Fièvre jaune

2. Les recommandations pour le vaccin et son rappel

Pour les voyageurs, la vaccination contre la fièvre jaune est indispensable pour un séjour dans une zone endémique (Cf carte), même en l’absence d’obligation administrative.

Cette vaccination est obligatoire pour les résidents du département de la Guyane.

Le vaccin de la fièvre jaune (ou vaccin amaril) est disponible uniquement dans les Centres agréés de vaccinations internationales (CVI).

Cas particuliers

Enfants

La vaccination n'est pas recommandée avant 9 mois pour les enfants se rendant dans un pays à risque.

Toutefois exceptionnellement, elle peut être effectuée dès l’âge de 6 mois si le nourrisson doit séjourner en milieu rural ou en forêt, si une épidémie sévit dans la région visitée, c'est à dire comme toujours quand la balance bénéfices/risques pèse au profit de ces derniers.

Femmes enceintes

Comme il s’agit d’un vaccin vivant, la vaccination contre la fièvre jaune est en principe déconseillée chez une femme enceinte.
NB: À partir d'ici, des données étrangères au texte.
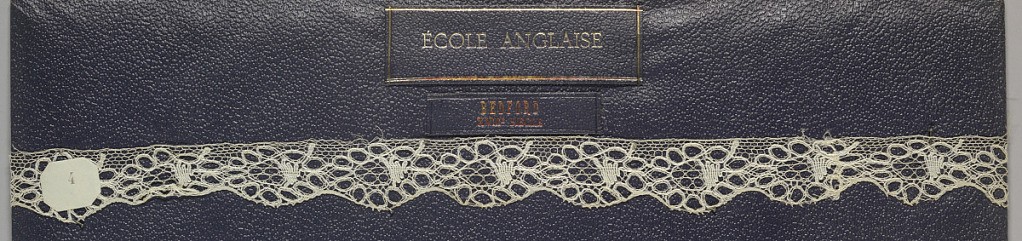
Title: Edging
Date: early 18th century
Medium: Technique: bobbin lace
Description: Edge of bobbin lace floral ovals repeated; early 18th century Bedford.
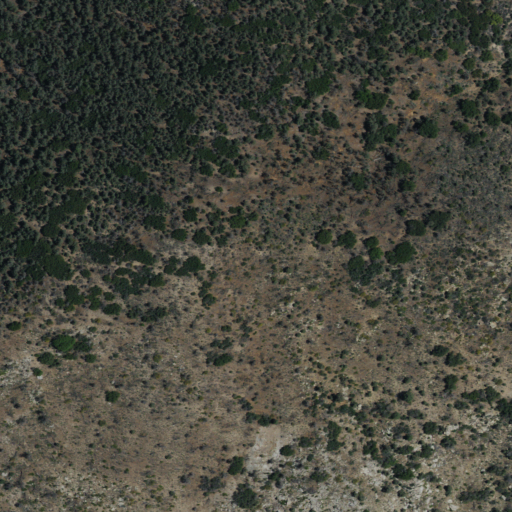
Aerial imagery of mountain in California named Pinyon Peak containing shrub and evergreen forest
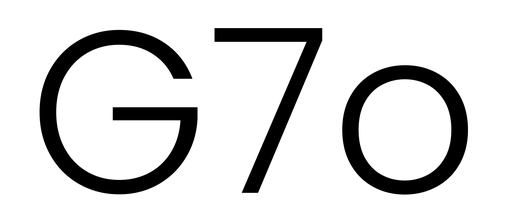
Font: Poppins-Light
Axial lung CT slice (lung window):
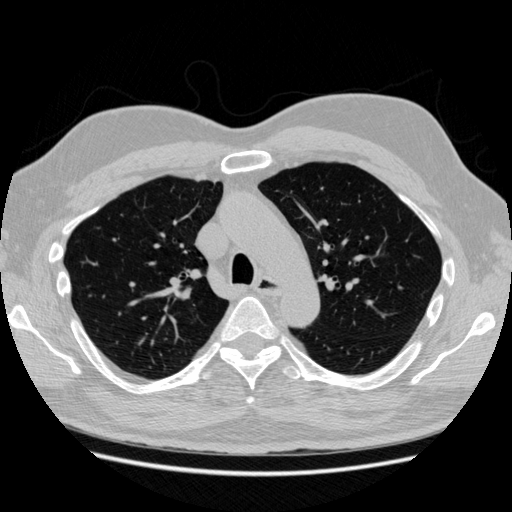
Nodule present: no
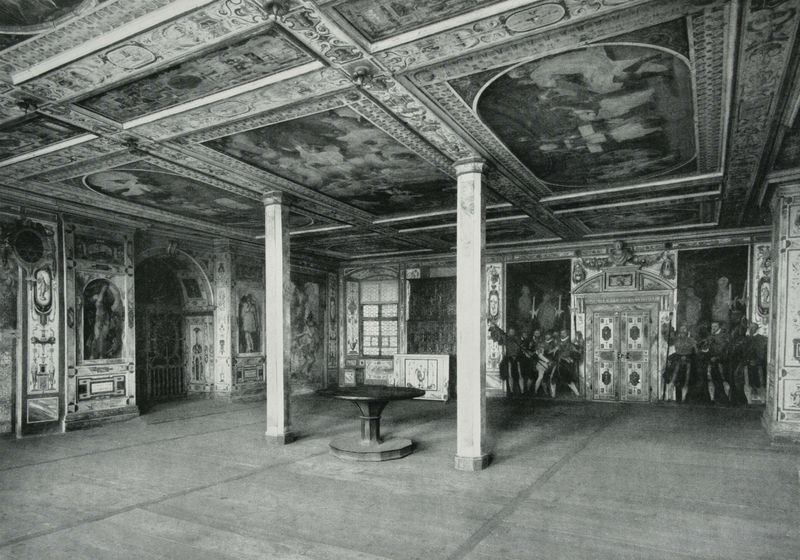
Titel: Rittersaal
Standort: Landshut
Institution: Burg Trausnitz
Schlagwörter: gemälde, gruppe, mann, schatten, weiß, menschen, fenster, grau, holz, licht, männer, pfeiler, raum, schwarz, stützen, säule, säulen, tisch, tür, zimmer, schloss, herren, leute, malerei, ornament, wand, architektur, barock, rahmen, schale, sockel, steine, bild, innenraum, felder, gitter, boden, interieur, decke, personen, musiker, renaissance, rokoko, fensterläden, rund, springbrunnen, überfluss, relief, bilder, bogen, perspektive, türen, parkett, dielen, pilaster, saal, figuren, krieg, soldaten, holzboden, glanz, verzierung, wandmalerei, stuck, kammer, poliert, gemach, tor, halle, pfosten, foto, fotografie, photographie, bögen, wände, holztisch, fussboden, eingang, nische, stütze, glaube, becken, schweiz, holzdecke, kapitelle, intarsien, girlanden, photo, wandschmuck, portal, villa, schein, fresken, garde, historismus, holzvertäfelung, kasetten, kassetten, kassettendecke, hellebarden, deckengemälde, fresko, kabinett, stuckdecke, holzfußboden, dresden, filigran, bemalung, verzeirung, fotographie, allegorien, brunne, verzierungen, fresco, abbildung, fptp, vertäfelung, symbole, trompe l'eil, friese, groteske, deckenmalerei, kasettendecke, plinthen, wandfläche, porte, einteilung, ausstattung, holzverkleidung, tafeln, wandtäfelung, grotesken, freske, butzen, fülle, table, ornement, schmuckvoll, täfelung, salle, täfelun, versammlungsraum, raumhöhe, armée, holzarbeiten, jagdzimmer, ornamentfriese, repräsentant, schwarzweißfotografie, 19. jahrhundert, 18. jahrhundert, 17. jahrhundert, fhalle, pilier, decorations, reception

Cependant, en raison de la gravité de la maladie, elle peut être réalisée quel que soit le stade de la grossesse, si le voyage dans une zone d’endémie amarile ne peut être différé.

Femmes allaitantes

En raison du passage dans le lait maternel du virus vaccinal pendant la virémie post-vaccinale, il paraît souhaitable d’attendre que le nourrisson ait atteint l’âge de 6 mois pour vacciner une mère qui allaite. Si la vaccination est impérative, notamment en cas de voyage indispensable dans une zone à haut risque, l’allaitement doit être suspendu et peut être repris deux semaines après la vaccination.

Donneurs de sang

Le don de sang doit être suspendu pendant la phase de virémie post-vaccinale ; il peut être repris quatre semaines après l’administration du vaccin.

Personnes immunodéprimées

Le vaccin amaril est en principe contre-indiqué en cas de déficit immunitaire congénital ou acquis. Il peut toutefois être administré dans certains cas.

Lorsqu’une autre vaccination avec un vaccin viral vivant est envisagée (rougeole), un délai minimum de 28 jours entre les deux vaccinations doit être respecté si celles-ci ne sont pas réalisées simultanément.

Cependant, en cas de départ imminent en zone d’endémie amarile, les deux vaccins peuvent être administrés à n’importe quel intervalle.

Lorsque la vaccination ne peut pas être réalisée, les voyages en zone d’endémicité amarile sont formellement déconseillés.

Si nécessaire, un certificat de contre-indication à la vaccination anti-amarile peut être délivré par le médecin du CVI ou par le médecin traitant.

Les obligations vaccinales pour le vaccin anti amaril - Nécessités pour le certificat de vaccination

Le Règlement sanitaire international (RSI) signé par tous les pays de l'ONU permet aux pays signataires d’exiger des voyageurs qu’ils présentent un certificat de vaccination contre le virus amaril.

Il peut exister des motifs médicaux (jeune âge, femme enceinte, immunodépression ou tout autre raison) faisant poser au médecin consultant pour vaccination une contre-indication à la vaccination. Ceci est accepté par les autorités compétentes, mais les contre-indications sont peu fréquentes.

A l'issue de la consultation vaccinale, un certificat international de vaccination est émis pour le Centre de Vaccinations Internationales qui l'a pratiquée. Celui-ci porte le nom du vaccin, la date, le numéro de lot et le nom et la signature du médecin responsable du centre en question.

Toutefois, si le règlement sanitaire international permet aux pays d’exiger cette vaccination, la présentation d'un certificat de vaccination reste à la discrétion de chaque État Partie. Ainsi certains pays où le risque existe, et parfois de façon non négligeable, ne demandent pas de produire ce certificat. C'est notamment le cas du Sénégal qui est pourtant un pays d'endémie amarile.